Retype all data exactly as given. Pictures should not be retyped.

■ **DATA FOR THE TASK**

◆ ◆ ◆ ◆ ◆ ◆ ◆

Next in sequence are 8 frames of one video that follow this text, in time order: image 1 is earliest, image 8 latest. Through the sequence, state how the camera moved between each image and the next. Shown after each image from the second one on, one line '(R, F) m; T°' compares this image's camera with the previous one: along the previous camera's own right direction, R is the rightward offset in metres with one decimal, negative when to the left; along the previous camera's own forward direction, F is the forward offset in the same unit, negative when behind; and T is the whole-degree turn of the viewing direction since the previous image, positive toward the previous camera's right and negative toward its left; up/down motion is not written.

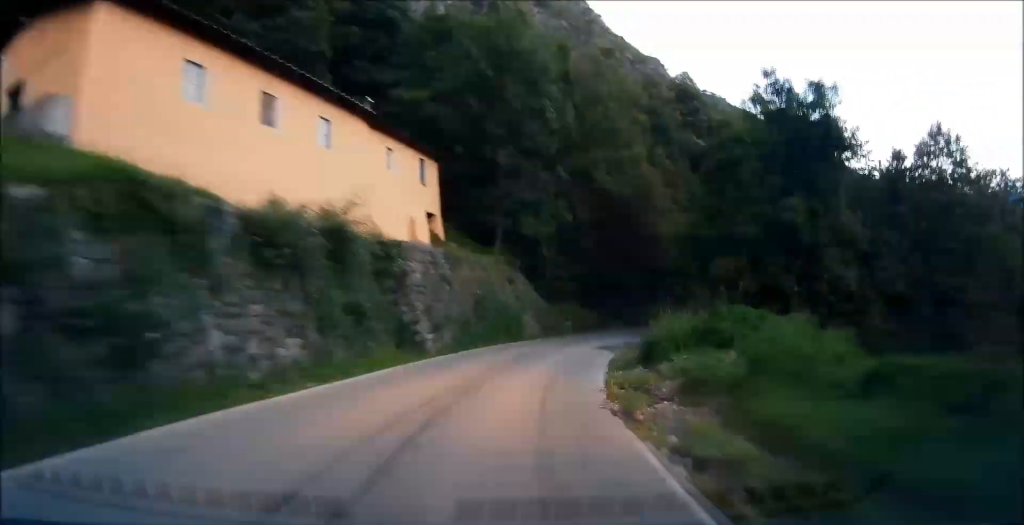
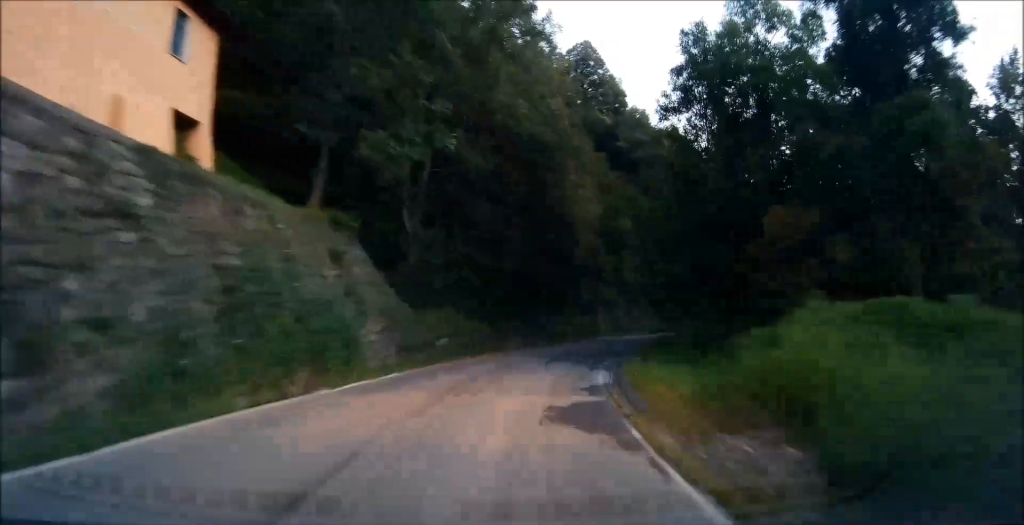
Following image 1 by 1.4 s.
(+0.9, +15.8) m; +9°
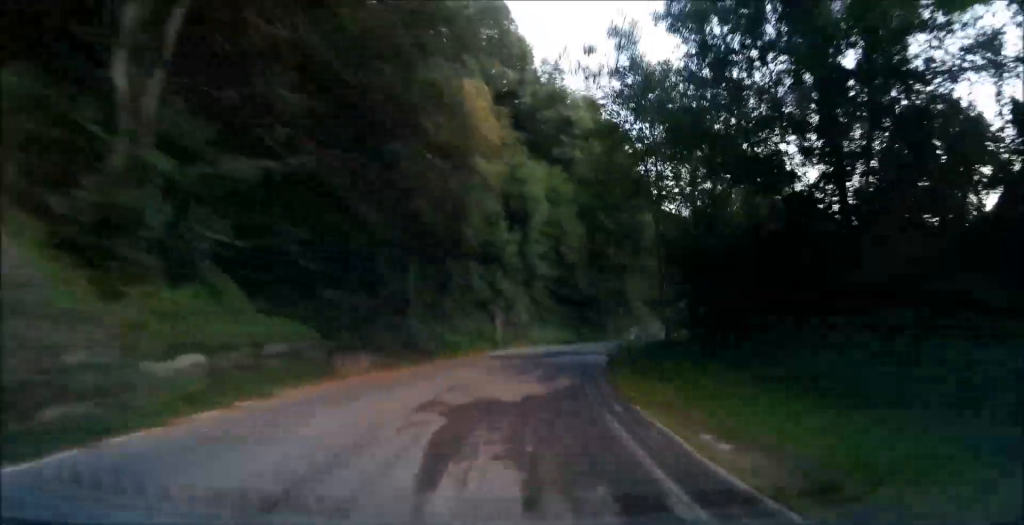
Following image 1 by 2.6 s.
(+1.1, +15.1) m; +7°
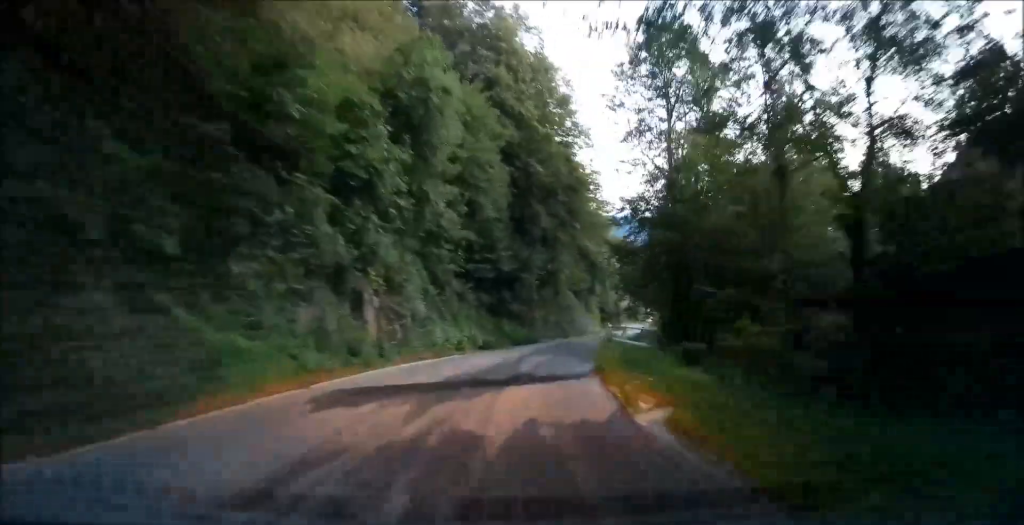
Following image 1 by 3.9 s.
(+1.6, +16.8) m; +12°
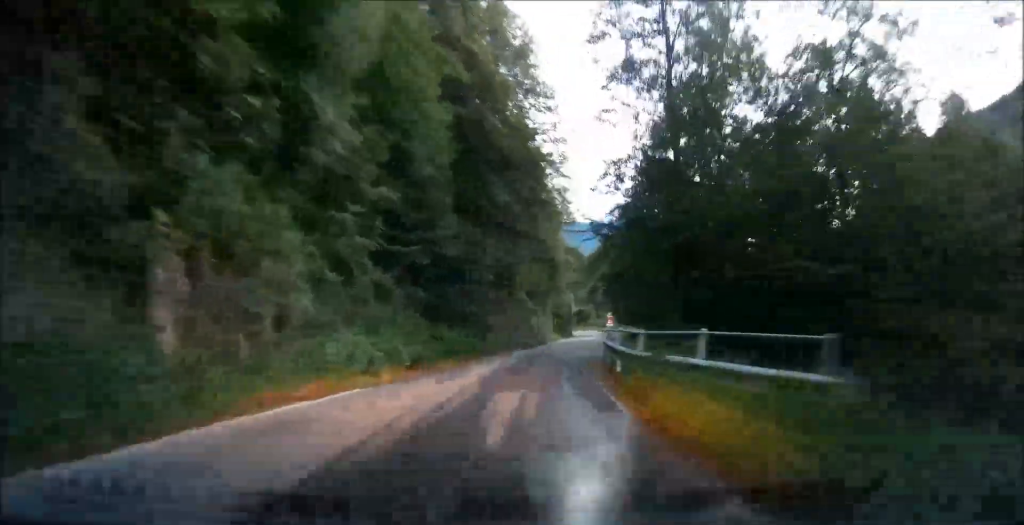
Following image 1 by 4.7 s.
(+0.6, +10.4) m; +6°
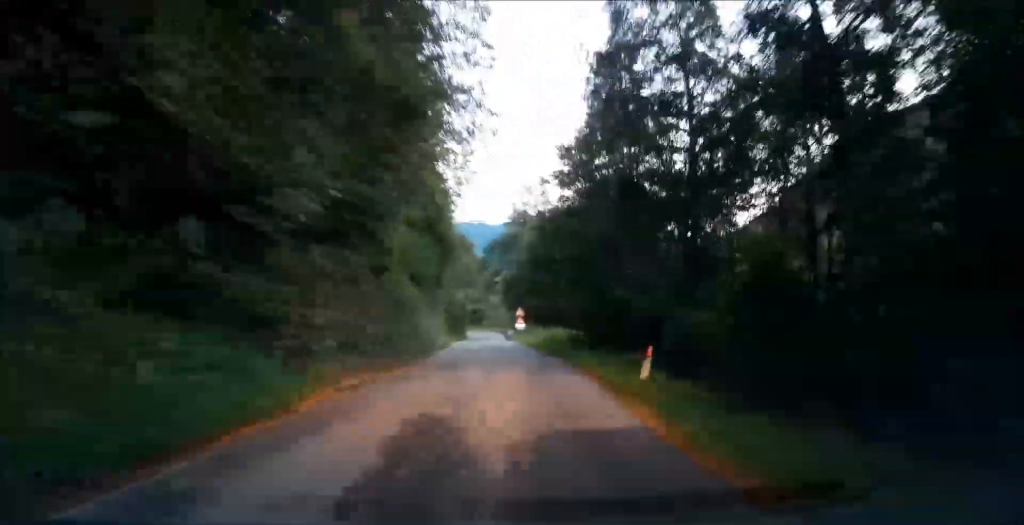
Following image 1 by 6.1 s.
(+1.6, +18.9) m; +6°
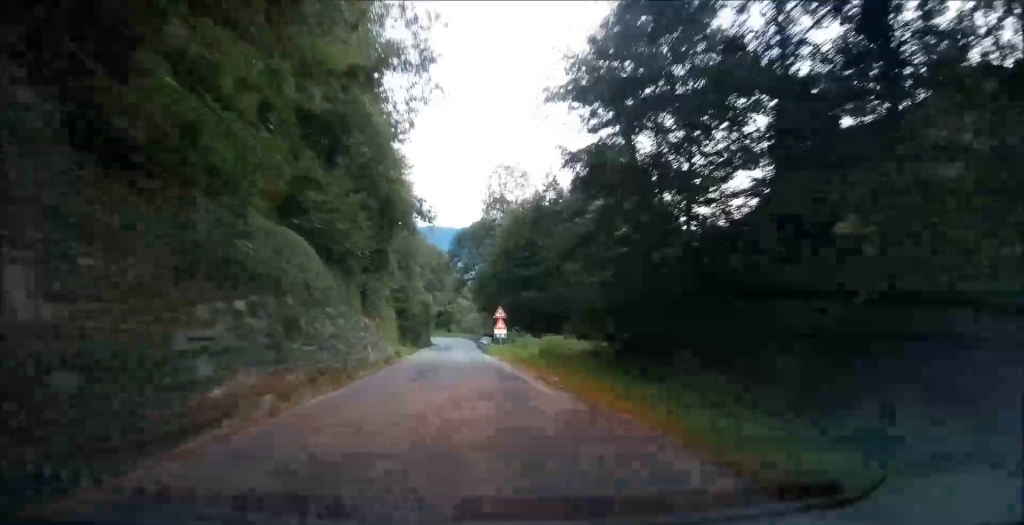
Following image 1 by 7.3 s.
(-0.1, +18.5) m; +2°
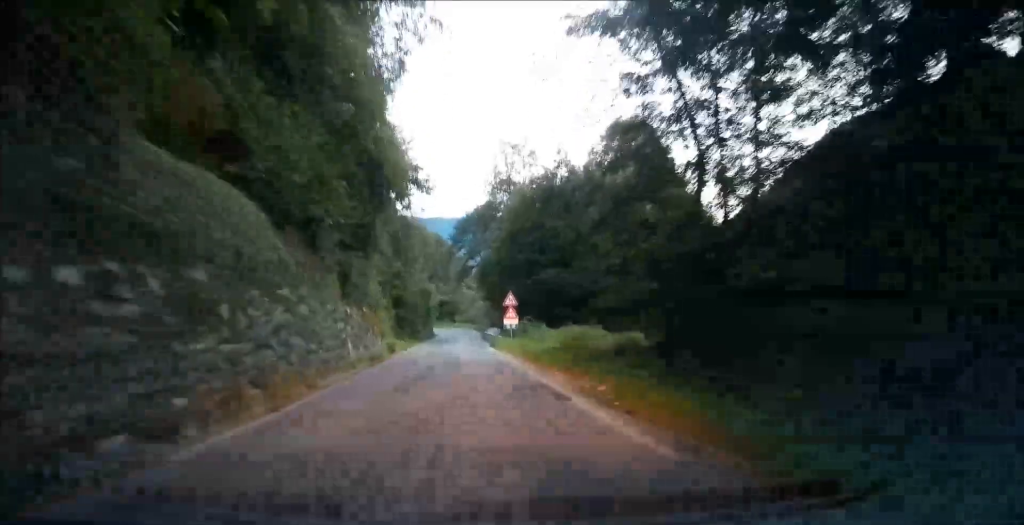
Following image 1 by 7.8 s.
(+0.3, +6.4) m; +2°

◆ ◆ ◆ ◆ ◆ ◆ ◆

■ **COMPLETED TASK**
Next in sequence are 8 frames of one video that follow this text, in time order: image 1 is earliest, image 8 latest. Through the sequence, state how the camera moved between each image and the next. Shown after each image from the second one on, one line '(R, F) m; T°' compares this image's camera with the previous one: along the previous camera's own right direction, R is the rightward offset in metres with one decimal, negative when to the left; along the previous camera's own forward direction, F is the forward offset in the same unit, negative when behind; and T is the whole-degree turn of the viewing direction since the previous image, positive toward the previous camera's right and negative toward its left; up/down motion is not written.

Following image 1 by 1.4 s.
(+0.9, +15.8) m; +9°
Following image 1 by 2.6 s.
(+1.1, +15.1) m; +7°
Following image 1 by 3.9 s.
(+1.6, +16.8) m; +12°
Following image 1 by 4.7 s.
(+0.6, +10.4) m; +6°
Following image 1 by 6.1 s.
(+1.6, +18.9) m; +6°
Following image 1 by 7.3 s.
(-0.1, +18.5) m; +2°
Following image 1 by 7.8 s.
(+0.3, +6.4) m; +2°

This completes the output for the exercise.